The Associated Press 
May 7, 2007

The surprise explanation behind the U.S. government's sensational but 
false warnings about mysterious Canadian spy coins is the harmless poppy 
quarter, the world's first colourized coin.

The odd-looking coins were so unfamiliar to suspicious U.S. army 
contractors travelling in Canada that they filed confidential espionage 
accounts about them.

The worried contractors described the coins as "anomalous" and "filled 
with something manmade that looked like nanotechnology," said 
once-classified U.S. government reports and e-mails.

The 25-cent piece features the red image of a poppy inlaid over a maple 
leaf. The quarter is identical to the coins pictured and described as 
suspicious in the contractors' accounts.

The supposed nanotechnology actually was a conventional protective 
coating the Royal Canadian Mint applied to prevent the poppy's red 
colour from rubbing off. The mint produced nearly 30 million such 
quarters in 2004 commemorating Canada's 117,000 war dead.

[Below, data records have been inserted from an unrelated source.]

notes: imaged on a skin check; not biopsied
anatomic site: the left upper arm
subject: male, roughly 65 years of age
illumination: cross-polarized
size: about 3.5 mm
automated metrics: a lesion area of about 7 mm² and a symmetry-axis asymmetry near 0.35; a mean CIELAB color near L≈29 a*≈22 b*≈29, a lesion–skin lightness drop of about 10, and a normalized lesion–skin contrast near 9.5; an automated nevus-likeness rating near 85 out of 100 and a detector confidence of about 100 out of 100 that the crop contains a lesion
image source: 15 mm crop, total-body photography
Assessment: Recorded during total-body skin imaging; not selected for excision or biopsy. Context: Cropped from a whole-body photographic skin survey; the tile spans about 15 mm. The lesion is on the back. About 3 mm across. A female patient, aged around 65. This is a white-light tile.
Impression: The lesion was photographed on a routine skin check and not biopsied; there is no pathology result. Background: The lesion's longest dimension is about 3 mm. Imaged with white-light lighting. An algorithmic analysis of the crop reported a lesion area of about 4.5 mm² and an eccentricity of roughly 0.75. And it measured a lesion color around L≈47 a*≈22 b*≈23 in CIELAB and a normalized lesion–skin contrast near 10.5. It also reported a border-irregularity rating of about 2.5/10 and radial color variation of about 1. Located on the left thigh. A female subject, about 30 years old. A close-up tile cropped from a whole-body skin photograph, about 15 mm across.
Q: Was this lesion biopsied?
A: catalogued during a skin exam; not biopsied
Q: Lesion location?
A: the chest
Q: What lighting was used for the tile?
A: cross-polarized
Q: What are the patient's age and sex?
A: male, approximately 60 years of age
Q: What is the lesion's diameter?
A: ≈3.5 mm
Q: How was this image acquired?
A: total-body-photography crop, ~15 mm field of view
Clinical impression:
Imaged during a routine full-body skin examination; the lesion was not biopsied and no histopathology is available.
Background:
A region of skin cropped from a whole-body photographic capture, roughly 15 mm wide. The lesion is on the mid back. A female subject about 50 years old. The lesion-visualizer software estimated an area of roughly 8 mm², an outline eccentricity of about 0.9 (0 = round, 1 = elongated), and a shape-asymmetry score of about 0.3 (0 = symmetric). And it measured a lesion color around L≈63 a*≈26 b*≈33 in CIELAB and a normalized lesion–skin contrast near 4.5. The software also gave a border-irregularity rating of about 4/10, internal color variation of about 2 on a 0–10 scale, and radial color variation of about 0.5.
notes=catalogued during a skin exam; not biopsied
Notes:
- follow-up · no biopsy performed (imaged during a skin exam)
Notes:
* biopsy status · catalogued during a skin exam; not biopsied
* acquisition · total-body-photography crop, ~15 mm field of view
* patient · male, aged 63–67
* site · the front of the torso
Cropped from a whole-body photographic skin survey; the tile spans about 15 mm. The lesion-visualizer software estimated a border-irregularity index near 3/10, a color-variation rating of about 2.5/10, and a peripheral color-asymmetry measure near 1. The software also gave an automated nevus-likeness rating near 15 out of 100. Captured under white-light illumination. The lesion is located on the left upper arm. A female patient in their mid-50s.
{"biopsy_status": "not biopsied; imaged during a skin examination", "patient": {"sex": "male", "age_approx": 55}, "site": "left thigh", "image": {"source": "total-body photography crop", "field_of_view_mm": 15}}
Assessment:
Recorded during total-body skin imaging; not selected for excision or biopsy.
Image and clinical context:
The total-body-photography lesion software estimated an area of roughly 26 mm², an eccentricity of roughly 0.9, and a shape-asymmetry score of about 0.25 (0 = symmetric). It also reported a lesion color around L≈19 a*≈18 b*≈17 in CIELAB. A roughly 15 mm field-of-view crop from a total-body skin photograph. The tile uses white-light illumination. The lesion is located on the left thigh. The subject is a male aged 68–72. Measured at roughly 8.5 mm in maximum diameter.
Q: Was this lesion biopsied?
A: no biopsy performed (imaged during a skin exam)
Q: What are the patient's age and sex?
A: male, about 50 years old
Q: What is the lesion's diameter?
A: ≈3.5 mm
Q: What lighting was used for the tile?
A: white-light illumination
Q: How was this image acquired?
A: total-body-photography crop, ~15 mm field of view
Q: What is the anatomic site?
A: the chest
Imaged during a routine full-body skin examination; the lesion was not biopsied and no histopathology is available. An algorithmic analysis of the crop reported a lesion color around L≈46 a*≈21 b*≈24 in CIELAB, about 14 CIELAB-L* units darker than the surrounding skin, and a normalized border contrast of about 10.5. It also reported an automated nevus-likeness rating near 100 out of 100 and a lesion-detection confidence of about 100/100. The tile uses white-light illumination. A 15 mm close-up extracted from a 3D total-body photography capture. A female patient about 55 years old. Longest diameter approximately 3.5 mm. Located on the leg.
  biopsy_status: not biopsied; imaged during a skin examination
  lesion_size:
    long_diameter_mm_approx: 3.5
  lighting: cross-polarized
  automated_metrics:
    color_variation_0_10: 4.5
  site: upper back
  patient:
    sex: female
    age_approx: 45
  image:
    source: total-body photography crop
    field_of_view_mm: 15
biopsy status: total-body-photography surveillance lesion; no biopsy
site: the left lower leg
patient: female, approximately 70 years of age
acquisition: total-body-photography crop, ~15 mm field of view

"It did not appear to be electronic [analog] in nature or have a power 
source," wrote one U.S. contractor, who discovered the coin in the cup 
holder of a rental car.

"Under high-power microscope, it appeared to be complex consisting of 
several layers of clear but different material, with a wire-like mesh 
suspended on top."

The confidential accounts led to a sensational warning from the U.S. 
Defence Security Service, an agency of the Defence Department, that 
mysterious coins with radio frequency transmitters were found planted on 
U.S. contractors with classified security clearances on at least three 
separate occasions between October 2005 and January 2006 as the 
contractors travelled through Canada.

One contractor believed someone had placed two of the quarters in an 
outer coat pocket after the contractor had emptied the pocket hours 

"Coat pockets were empty that morning and I was keeping all of my coins 
in a plastic bag in my inner coat pocket," the contractor wrote.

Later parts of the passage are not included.